The umbilical cord tissue has gained attention in recent years as a source of multipotent cells. Due to its widespread availability, the umbilical cord may be an excellent alternative source of cells for regenerative medicine. Anatomically, umbilical cord tissue is constituted of several different parts, and, accordingly, immunostaining of cord tissue sections revealed differential distribution of several markers and extracellular matrix, distinguishing the various layers. Wharton's jelly is the major component filling the inner part of the umbilical cord tissue, and it has been commonly used as a source of obtaining multipotent cells from umbilical cord. We recently reported isolating mesenchymal stem cells from cord lining membrane (sub-amnion).
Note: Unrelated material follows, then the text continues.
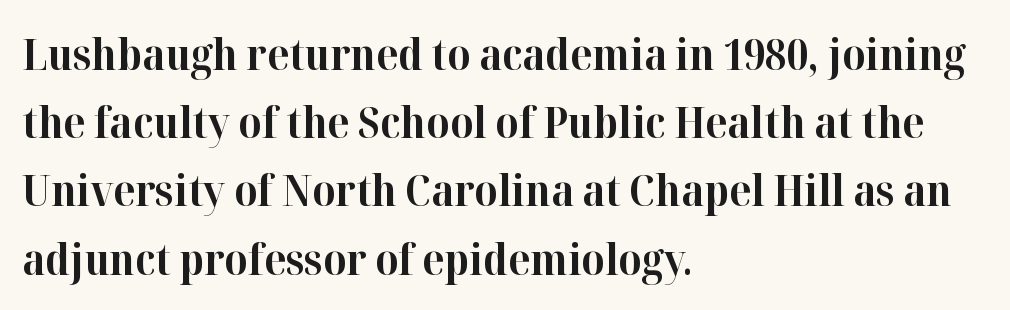
This rendering uses left alignment, leaving the right contour irregular. The specimen reads as upright at a glance. Students, this is bold: see how much ink each stroke carries. Each word holds together tightly as a unit, with standard inter-letter gaps. Horizontal bands of white between lines are of average thickness.
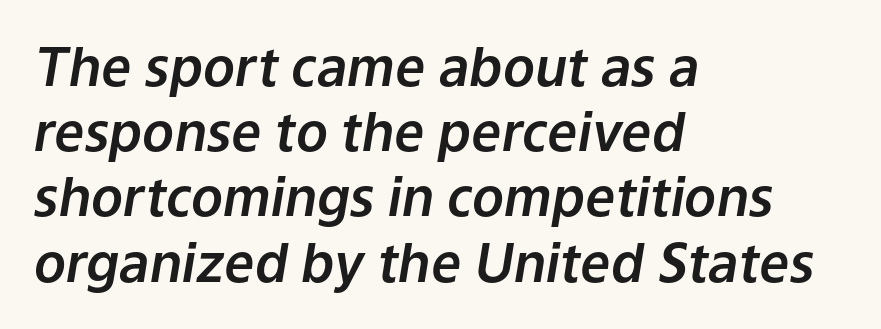
The image shows 53 px text type, italic (leaning right); set left-aligned, line spacing 1.23x, normal letter spacing, not underlined; low stroke contrast and a medium x-height.

However, because of several anatomically distinct zones found in the umbilical cord, isolated multipotent cells sometimes show heterogeneity. In addition, differences in isolation technique may lead to further variation. In this review, we discuss the similarities and differences between the cells derived from each sub-region, including sub-amnion as recently reported by us. We further explore the specific features and advantages/disadvantages of Wharton's jelly and the other sub-compartments in the umbilical cord tissue as sources of stem cells/multipotent cells.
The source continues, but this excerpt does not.